Ask HN: What would be negative implications of HIV becoming a curable disease? - twidlit

Would be interesting to explore how society will change and be affected since HIV is mostly tied to homosexuals.
======
carbocation
Nothing that has been discussed on HN lately will, likely, lead to an HIV
cure. HIV is notoriously difficult to eradicate due to the fact that it stays
dormant inside of immune cells for years. This is why the only cures that you
hear about are those that have been induced via bone marrow transplant (which
were done for other reasons, not for HIV; BMT is highly dangerous and the
risk/benefit is strongly against doing this for cure of HIV alone).

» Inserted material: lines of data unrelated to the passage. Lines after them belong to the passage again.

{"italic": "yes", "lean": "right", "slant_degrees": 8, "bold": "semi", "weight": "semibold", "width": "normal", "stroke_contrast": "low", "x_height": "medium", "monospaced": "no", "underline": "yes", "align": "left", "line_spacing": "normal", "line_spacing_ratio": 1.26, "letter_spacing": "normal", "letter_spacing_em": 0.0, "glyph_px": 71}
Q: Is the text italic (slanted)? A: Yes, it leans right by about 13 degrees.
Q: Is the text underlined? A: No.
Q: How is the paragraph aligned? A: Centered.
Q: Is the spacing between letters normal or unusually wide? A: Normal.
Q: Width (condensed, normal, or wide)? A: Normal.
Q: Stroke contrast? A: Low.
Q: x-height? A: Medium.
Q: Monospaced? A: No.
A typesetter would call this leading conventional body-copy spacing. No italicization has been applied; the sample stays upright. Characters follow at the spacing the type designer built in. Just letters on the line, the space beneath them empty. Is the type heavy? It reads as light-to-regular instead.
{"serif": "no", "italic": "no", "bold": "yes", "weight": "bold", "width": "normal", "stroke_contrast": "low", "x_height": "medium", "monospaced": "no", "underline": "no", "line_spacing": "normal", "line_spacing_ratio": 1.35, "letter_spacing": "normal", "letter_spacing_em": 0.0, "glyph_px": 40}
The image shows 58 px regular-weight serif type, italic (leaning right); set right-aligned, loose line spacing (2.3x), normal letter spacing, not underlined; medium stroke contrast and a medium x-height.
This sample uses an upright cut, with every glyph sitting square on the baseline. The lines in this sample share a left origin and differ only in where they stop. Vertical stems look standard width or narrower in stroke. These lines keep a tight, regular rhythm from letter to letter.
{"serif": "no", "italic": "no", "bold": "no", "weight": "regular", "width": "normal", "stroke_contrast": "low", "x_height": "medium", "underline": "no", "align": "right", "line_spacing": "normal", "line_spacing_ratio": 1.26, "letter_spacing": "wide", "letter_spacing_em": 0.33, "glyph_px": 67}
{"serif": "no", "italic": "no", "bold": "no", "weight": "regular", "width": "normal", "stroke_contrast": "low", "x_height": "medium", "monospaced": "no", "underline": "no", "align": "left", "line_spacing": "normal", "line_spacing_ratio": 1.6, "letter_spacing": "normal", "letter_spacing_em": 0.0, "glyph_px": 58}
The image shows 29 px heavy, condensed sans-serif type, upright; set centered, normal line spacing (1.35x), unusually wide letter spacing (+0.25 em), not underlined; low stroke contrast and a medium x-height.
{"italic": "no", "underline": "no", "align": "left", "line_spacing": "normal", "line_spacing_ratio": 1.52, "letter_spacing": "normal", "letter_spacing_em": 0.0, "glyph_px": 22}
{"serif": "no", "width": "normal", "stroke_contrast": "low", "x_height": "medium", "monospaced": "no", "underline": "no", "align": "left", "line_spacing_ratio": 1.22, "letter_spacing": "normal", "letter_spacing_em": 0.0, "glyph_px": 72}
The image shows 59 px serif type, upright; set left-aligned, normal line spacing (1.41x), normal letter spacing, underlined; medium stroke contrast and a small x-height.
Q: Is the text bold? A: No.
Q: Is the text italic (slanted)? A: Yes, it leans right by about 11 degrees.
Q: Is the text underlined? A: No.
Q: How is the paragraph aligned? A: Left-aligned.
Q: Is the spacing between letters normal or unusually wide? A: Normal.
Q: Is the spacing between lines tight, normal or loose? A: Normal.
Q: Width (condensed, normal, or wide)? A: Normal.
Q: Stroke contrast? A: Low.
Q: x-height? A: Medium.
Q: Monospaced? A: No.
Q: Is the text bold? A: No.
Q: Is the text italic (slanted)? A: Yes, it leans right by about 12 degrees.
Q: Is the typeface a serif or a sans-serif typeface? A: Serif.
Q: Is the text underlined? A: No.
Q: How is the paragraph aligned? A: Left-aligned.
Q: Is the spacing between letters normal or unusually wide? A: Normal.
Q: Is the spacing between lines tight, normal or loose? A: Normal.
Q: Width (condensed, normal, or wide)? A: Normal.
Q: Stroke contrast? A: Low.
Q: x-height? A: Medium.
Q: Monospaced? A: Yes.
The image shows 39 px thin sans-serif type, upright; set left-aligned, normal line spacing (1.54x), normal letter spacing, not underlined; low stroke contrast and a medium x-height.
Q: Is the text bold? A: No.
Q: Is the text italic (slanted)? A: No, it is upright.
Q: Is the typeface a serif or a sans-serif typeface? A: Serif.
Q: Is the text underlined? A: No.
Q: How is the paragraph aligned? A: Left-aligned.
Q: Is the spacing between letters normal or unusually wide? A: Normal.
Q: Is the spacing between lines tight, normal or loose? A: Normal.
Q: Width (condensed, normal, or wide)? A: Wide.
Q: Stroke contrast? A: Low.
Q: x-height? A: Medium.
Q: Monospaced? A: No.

I don't think that your statement about homosexuals is the most useful
statement one could make about the HIV epidemic in the United States. There
are various groups that suffer more from HIV than others: homosexuals, yes,
but also ethnic minorities (blacks have 7x the incidence that whites have).
This may just be semantics, but in my opinion HIV isn't really "mostly tied to
homosexuals." It is true that a majority of new cases of HIV (57%) are due to
male-to-male sexual contact, but that still leaves a vast 43% of the pie for
heterosexual contact and IVDU.
[http://www.cdc.gov/hiv/topics/surveillance/resources/factshe...](http://www.cdc.gov/hiv/topics/surveillance/resources/factsheets/incidence.htm)

------
tokenadult
Curing a disease is always a good idea. And I think your statement "HIV is
mostly tied to homosexuals" is factually incorrect, especially on a worldwide
basis.

------
anigbrowl
Having to listen to people who complain about how many homosexuals there are,
and how inconsiderate it is of them to go on living and being homosexual at
everyone. Other than that, I can't think of any.